Since you can actually only focus on one thing at a time, switching back and forth or monitoring several activities in rotation burns up the very energy you need to focus on one project effectively.

Daniel Levitin, professor of behavioral neuroscience at McGill University, says studies show taking 15-minute breaks every couple of hours increases productivity, if you really take a break and relax. Using the time to check email or social media doesn’t cut it.

“That switching comes with a biological cost that ends up making us feel tired much more quickly than if we sustain attention on one thing,” says Levitin. “People eat more, they take more caffeine. Often what you really need in that moment isn’t caffeine, but just a break. If you aren’t taking regular breaks every couple of hours, your brain won’t benefit from that extra cup of coffee.”

Another study points out the link between multitasking and neuroticism. University of California, Irvine professor of informatics Gloria Mark has specifics about the time cost of task switching. According to Mark, when people stop working on a task on average it takes 23 minutes and 15 seconds before getting back to that original task. The resulting stress from not getting work done builds up.

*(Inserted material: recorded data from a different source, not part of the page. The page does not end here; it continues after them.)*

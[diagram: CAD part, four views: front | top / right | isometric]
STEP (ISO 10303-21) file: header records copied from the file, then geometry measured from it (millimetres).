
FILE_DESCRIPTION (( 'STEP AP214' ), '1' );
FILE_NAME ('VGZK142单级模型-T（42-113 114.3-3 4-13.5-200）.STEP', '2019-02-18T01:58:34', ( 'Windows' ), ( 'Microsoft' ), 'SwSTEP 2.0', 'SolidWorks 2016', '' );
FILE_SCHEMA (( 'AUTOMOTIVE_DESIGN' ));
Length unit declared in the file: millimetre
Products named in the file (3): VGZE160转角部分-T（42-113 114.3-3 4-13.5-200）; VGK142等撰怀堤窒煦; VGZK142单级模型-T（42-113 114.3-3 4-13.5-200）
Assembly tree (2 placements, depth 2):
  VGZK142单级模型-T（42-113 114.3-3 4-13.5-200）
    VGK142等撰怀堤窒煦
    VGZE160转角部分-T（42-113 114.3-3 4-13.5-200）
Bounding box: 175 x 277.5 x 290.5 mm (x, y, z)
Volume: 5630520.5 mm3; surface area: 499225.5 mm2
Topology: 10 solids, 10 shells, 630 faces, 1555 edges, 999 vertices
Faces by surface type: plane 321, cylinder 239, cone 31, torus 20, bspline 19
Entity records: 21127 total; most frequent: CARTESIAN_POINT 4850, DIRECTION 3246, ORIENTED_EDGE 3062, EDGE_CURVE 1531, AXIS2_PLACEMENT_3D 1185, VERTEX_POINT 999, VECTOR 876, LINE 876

With notifications beeping, ringing, and popping up on screens, it’s easy to go off task, but the price of interruption is high. Mark says that as we train ourselves to monitor multiple incoming notification sources including social media and email, we’re short-circuiting our attention span.

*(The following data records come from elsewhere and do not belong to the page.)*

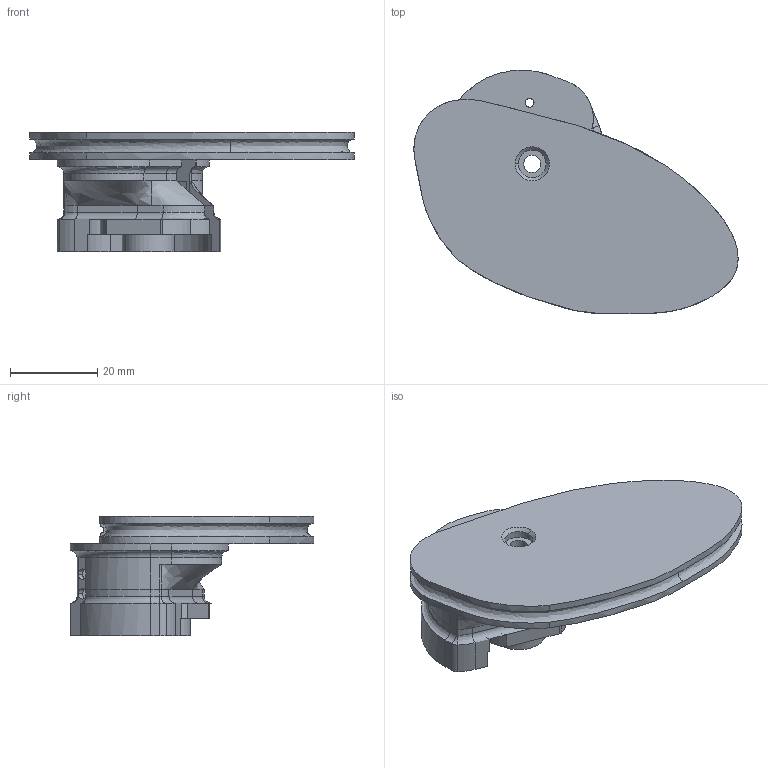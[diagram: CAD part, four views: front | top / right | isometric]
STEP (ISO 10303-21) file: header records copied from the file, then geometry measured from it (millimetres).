
FILE_DESCRIPTION (( 'STEP AP214' ), '1' );
FILE_NAME ('cams-joined^asm-cams.STEP', '2025-10-27T05:02:19', ( '' ), ( '' ), 'SwSTEP 2.0', 'SolidWorks 2025', '' );
FILE_SCHEMA (( 'AUTOMOTIVE_DESIGN' ));
Length unit declared in the file: millimetre
Products named in the file (1): cams-joined^asm-cams
Bounding box: 74.45 x 55.99 x 27.52 mm (x, y, z)
Volume: 27060.6 mm3; surface area: 13490.4 mm2
Topology: 5 solids, 5 shells, 168 faces, 435 edges, 278 vertices
Faces by surface type: plane 75, cylinder 50, bspline 38, cone 4, torus 1
Entity records: 8445 total; most frequent: CARTESIAN_POINT 4500, ORIENTED_EDGE 870, DIRECTION 701, EDGE_CURVE 435, VERTEX_POINT 278, VECTOR 243, LINE 243, AXIS2_PLACEMENT_3D 229

The best course, according to Mark, is to allot specific time chunks to various tasks and stick to them. Rather than clicking from your work every time new email arrives, discipline yourself to only check it on schedule. A common routine for checking email and social media is first thing in the morning, at noontime, and at the end of the day.

Levitin proposes allotting 25-minute to two-hour chunks of time to working on projects. Anything less than 25 minutes doesn’t give you time to really get going and after two hours a chill-out break is called for to keep fresh.

In the end, it sounds like the best course to getting the most accomplished at the highest quality and still being able to end the work day with energy remaining for other parts of your life is to only have one device with a single screen turned on at a time.